Question

A massless rod S having length $2l$ has equal point masses attached to its two ends as shown in figure. The rod is rotating about an axis passing through its centre and making angle $\alpha$ with the axis. The magnitude of change of momentum of rod i.e. $\left|\begin{array}{c}\frac{dL}{dt}\end{array}\right|$ equals

• A. $2m{l}^3{\omega }^2\sin \theta \cdot \cos \theta$
• B. $m{l}^2{\omega }^2\cdot \sin 2\theta$
• C. $m{l}^2\sin 2\theta$
• D. $m^{1/2}{l}^{1/2}\omega \sin \theta \cdot \cos \theta$

Answer 1

The correct option is B $m{l}^2{\omega }^2\cdot \sin 2\theta$

We know, that rate of change of angular momentum is equal to the tirque acting on the system.

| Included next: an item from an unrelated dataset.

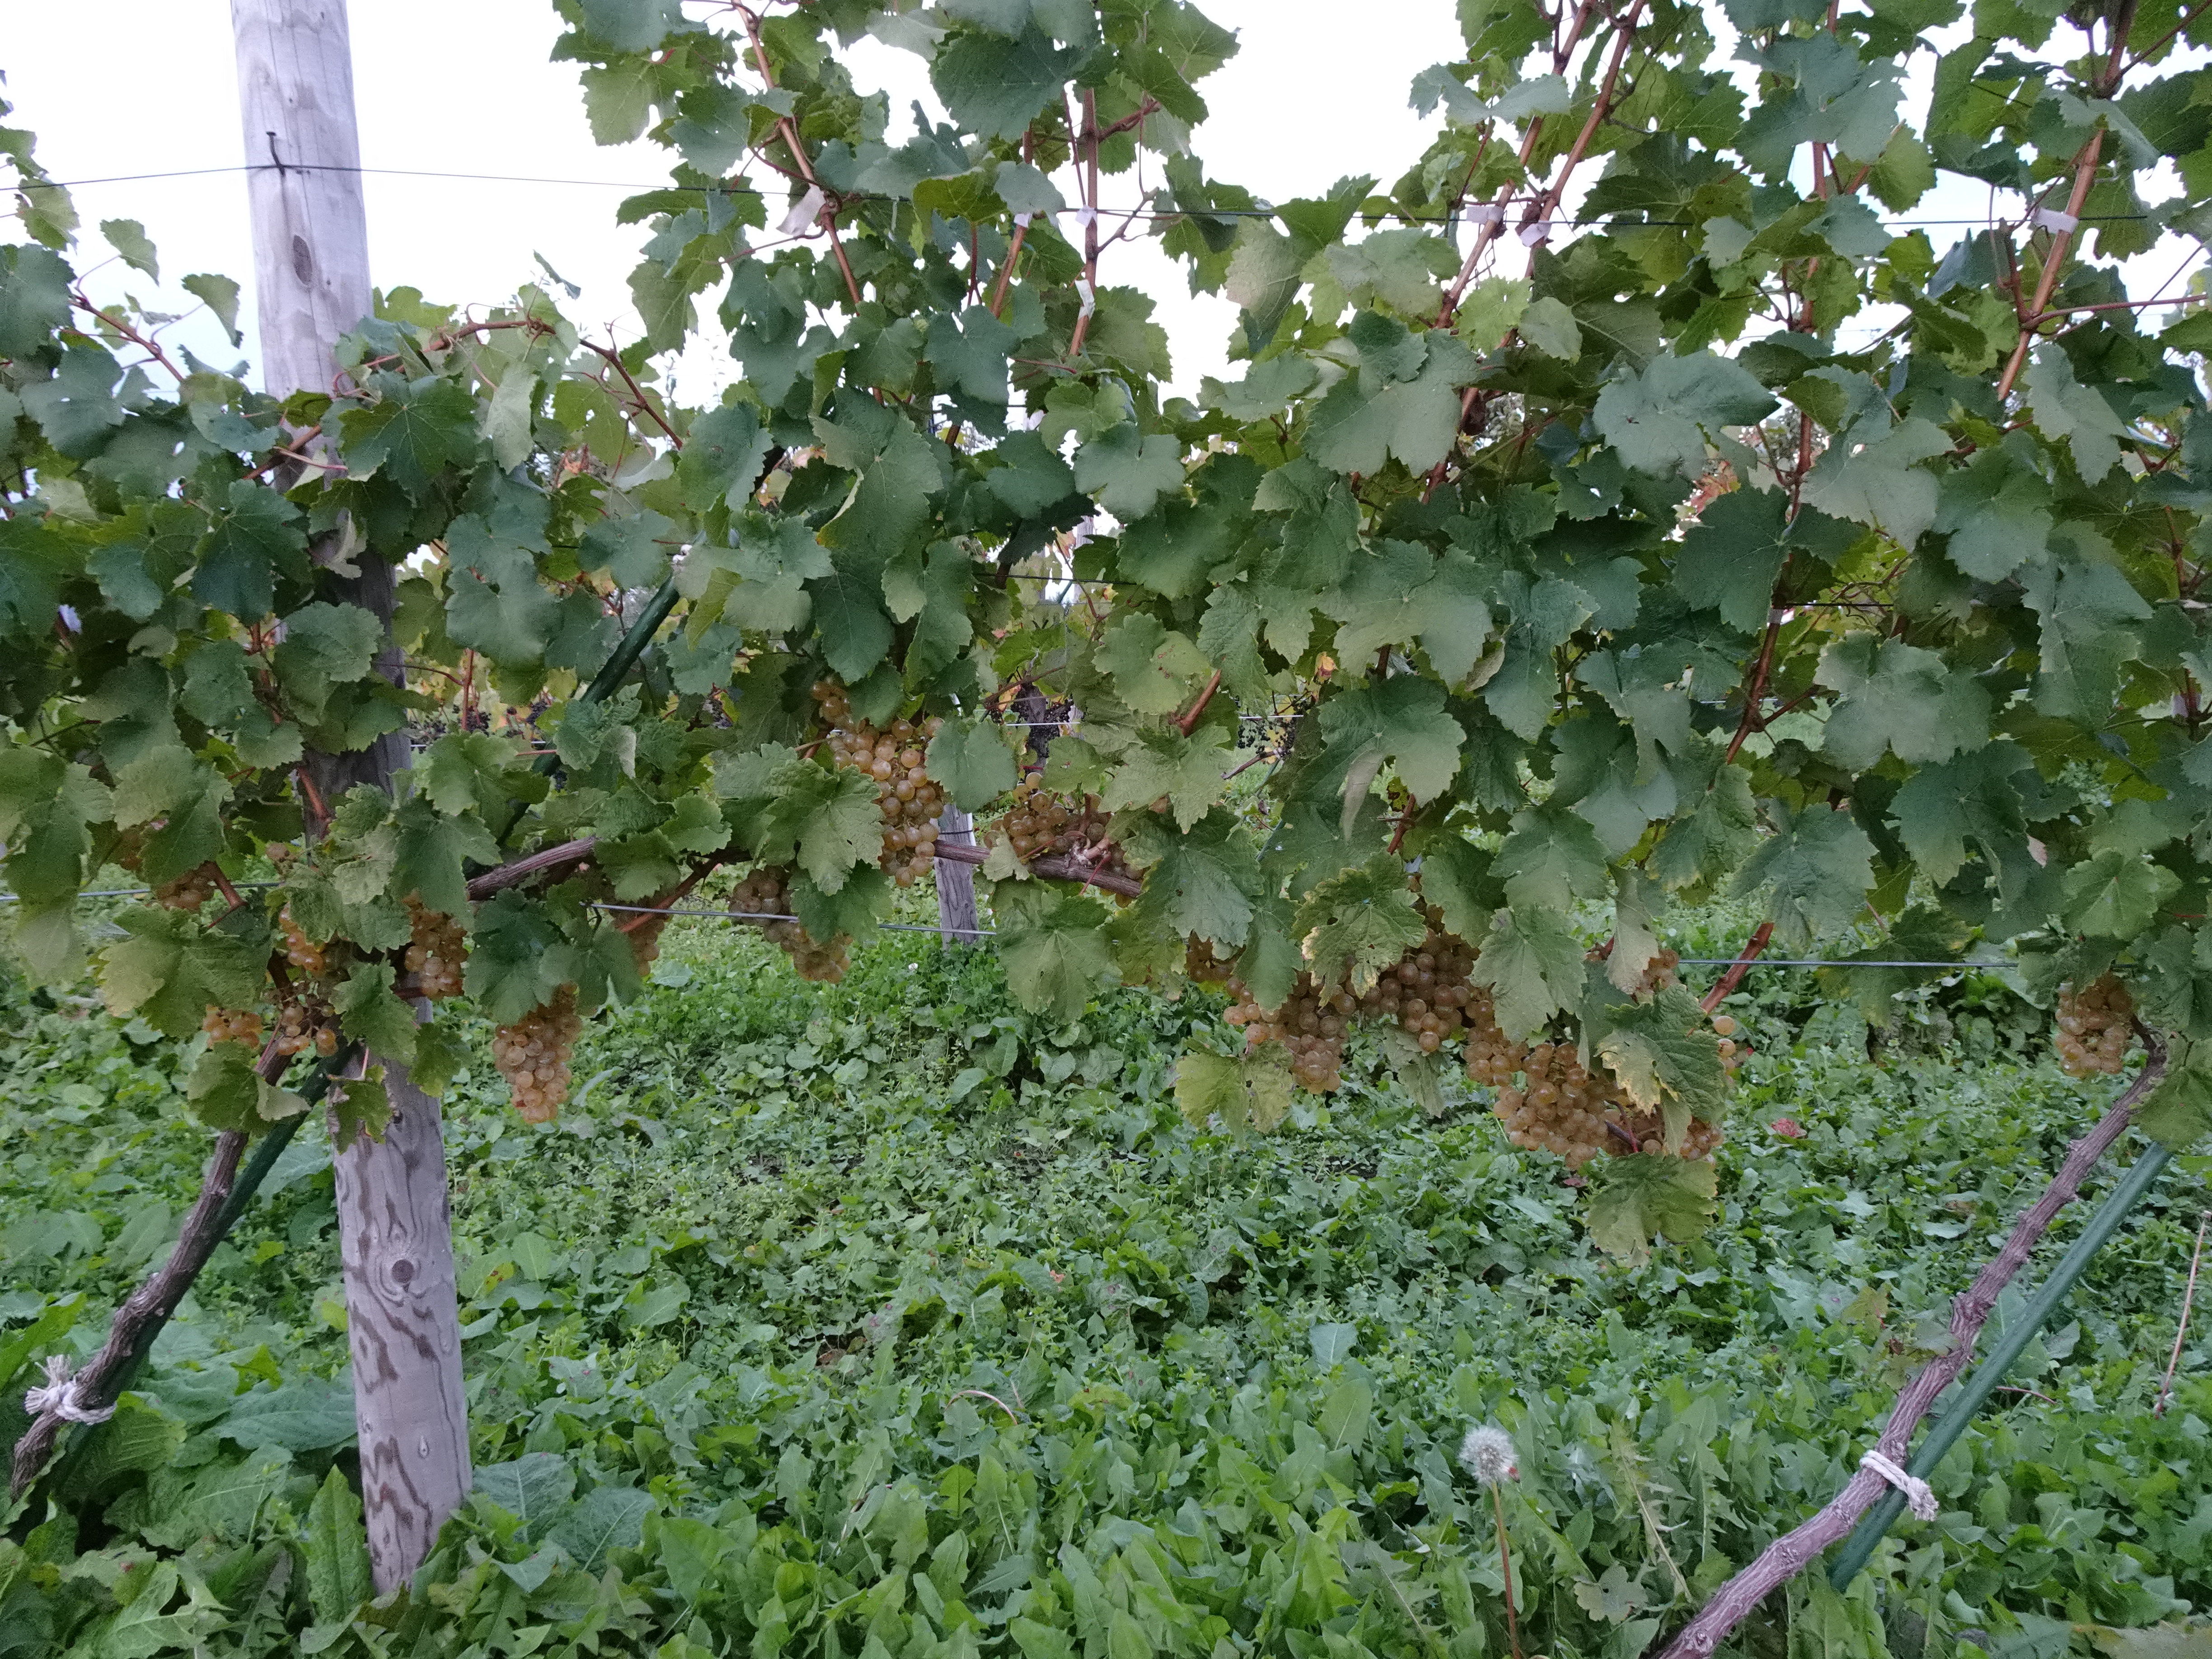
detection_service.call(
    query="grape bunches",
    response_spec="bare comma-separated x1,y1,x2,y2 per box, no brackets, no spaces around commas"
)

$\Rightarrow |\frac{dL}{dt}|=\tau$

From the figure, Force on the mass m is given as:

$F=mr{\omega }^2$ (Due to centipetal force)

$r=lSin\alpha$

$F=m\times lSin\alpha \times {\omega }^2$

$\Rightarrow \tau =r_{perpendicukar}\times F$

$r_{perpendicukar}=lCos\alpha$

$\Rightarrow \tau =lCos\alpha \times mlSin\alpha {\omega }^2$

$\Rightarrow \tau =m{l}^2{\omega }^{2}Sin\alpha Cos\alpha$

Total Torque due to both the masses is given by

${\tau }_{net}={\tau }_1+{\tau }_2=m{l}^2{\omega }^{2}Sin\alpha Cos\alpha +m{l}^2{\omega }^{2}Sin\alpha Cos\alpha$

$\Rightarrow {\tau }_{net}=2m{l}^2{\omega }^{2}Sin\alpha Cos\alpha =m{l}^2{\omega }^{2}Sin2\alpha$

$\therefore |\frac{dL}{dt}|={\tau }_{net}=m{l}^2{\omega }^{2}Sin2\alpha$

Hence, the correct answer is OPTION B.